Every record that follows must be duplicated exactly, with images left out.

##### Information given

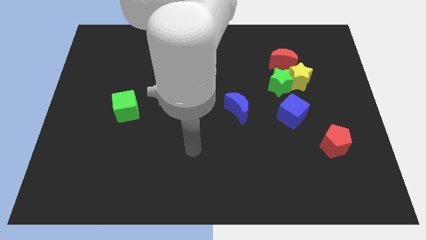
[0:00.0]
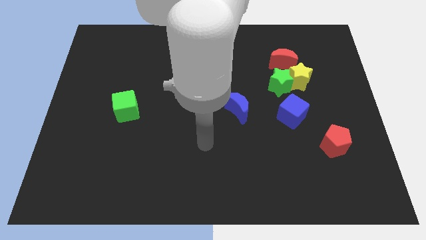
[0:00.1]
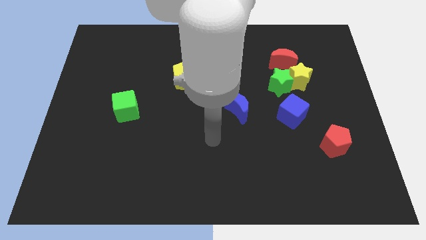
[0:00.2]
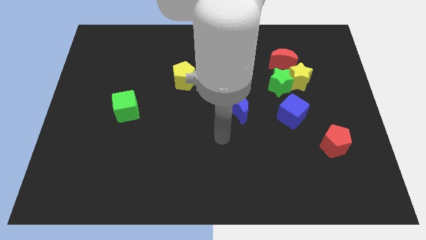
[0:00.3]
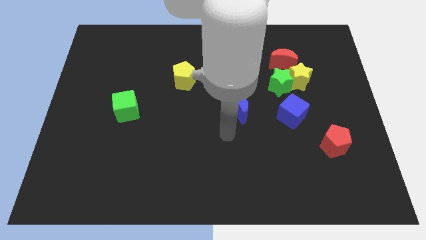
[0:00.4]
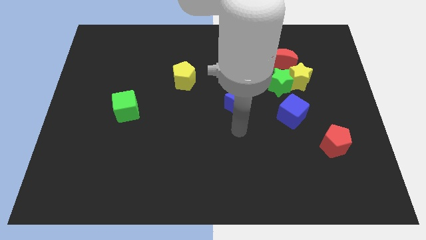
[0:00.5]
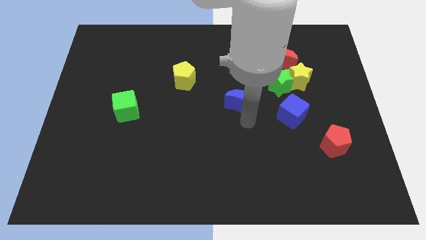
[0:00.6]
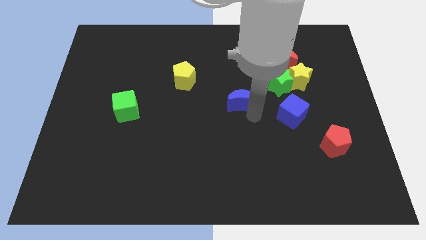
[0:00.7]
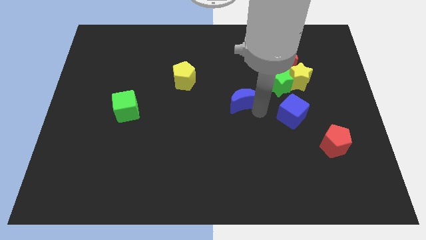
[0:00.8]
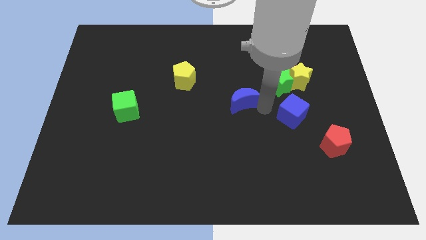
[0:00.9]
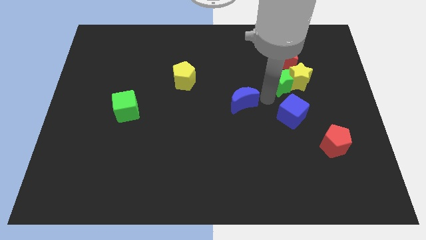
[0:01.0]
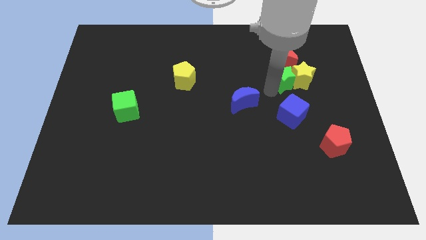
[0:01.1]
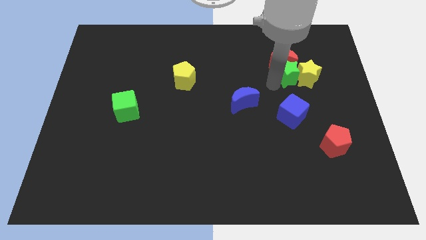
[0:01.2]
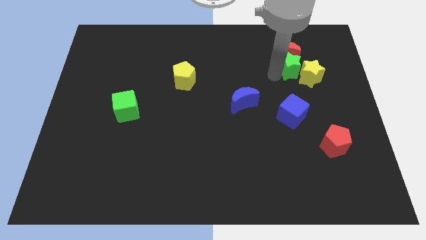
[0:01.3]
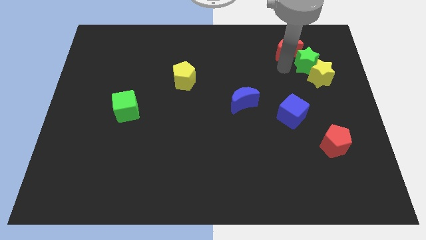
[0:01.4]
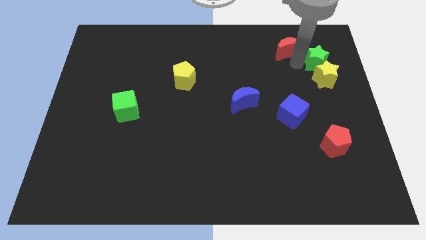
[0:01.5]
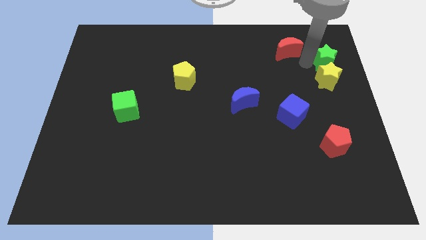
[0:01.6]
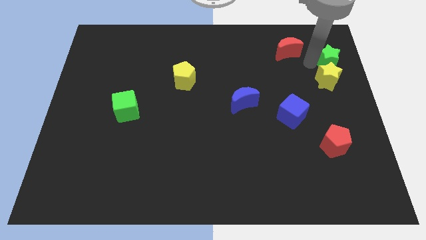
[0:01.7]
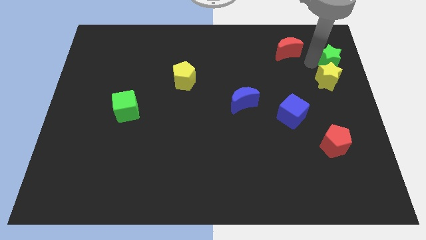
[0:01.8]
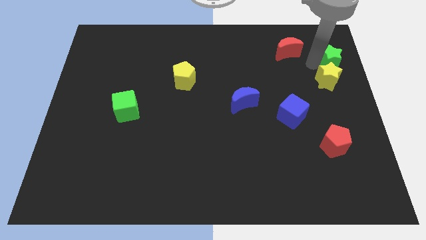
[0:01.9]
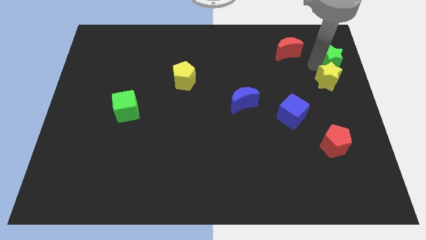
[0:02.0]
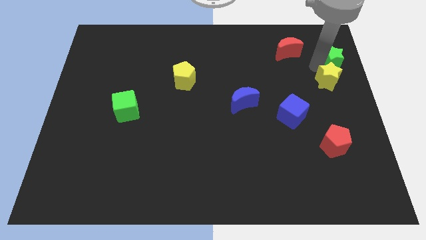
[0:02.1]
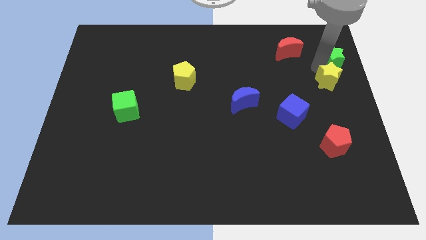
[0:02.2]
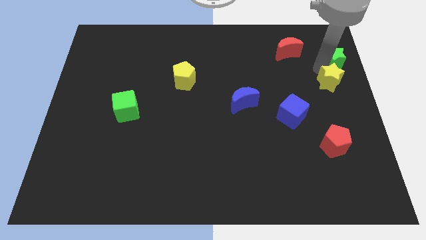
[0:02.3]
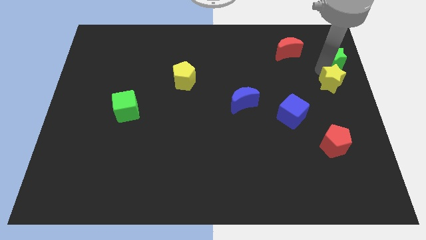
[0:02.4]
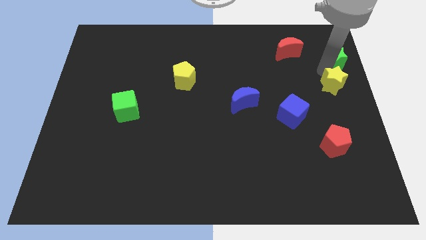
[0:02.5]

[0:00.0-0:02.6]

##########

## Task solution
[0:00.0]
[0:00.1]
[0:00.2]
[0:00.3]
[0:00.4]
[0:00.5]
[0:00.6]
[0:00.7]
[0:00.8]
[0:00.9]
[0:01.0]
[0:01.1]
[0:01.2]
[0:01.3]
[0:01.4]
[0:01.5]
[0:01.6]
[0:01.7]
[0:01.8]
[0:01.9]
[0:02.0]
[0:02.1]
[0:02.2]
[0:02.3]
[0:02.4]
[0:02.5]

[0:00.0-0:02.6]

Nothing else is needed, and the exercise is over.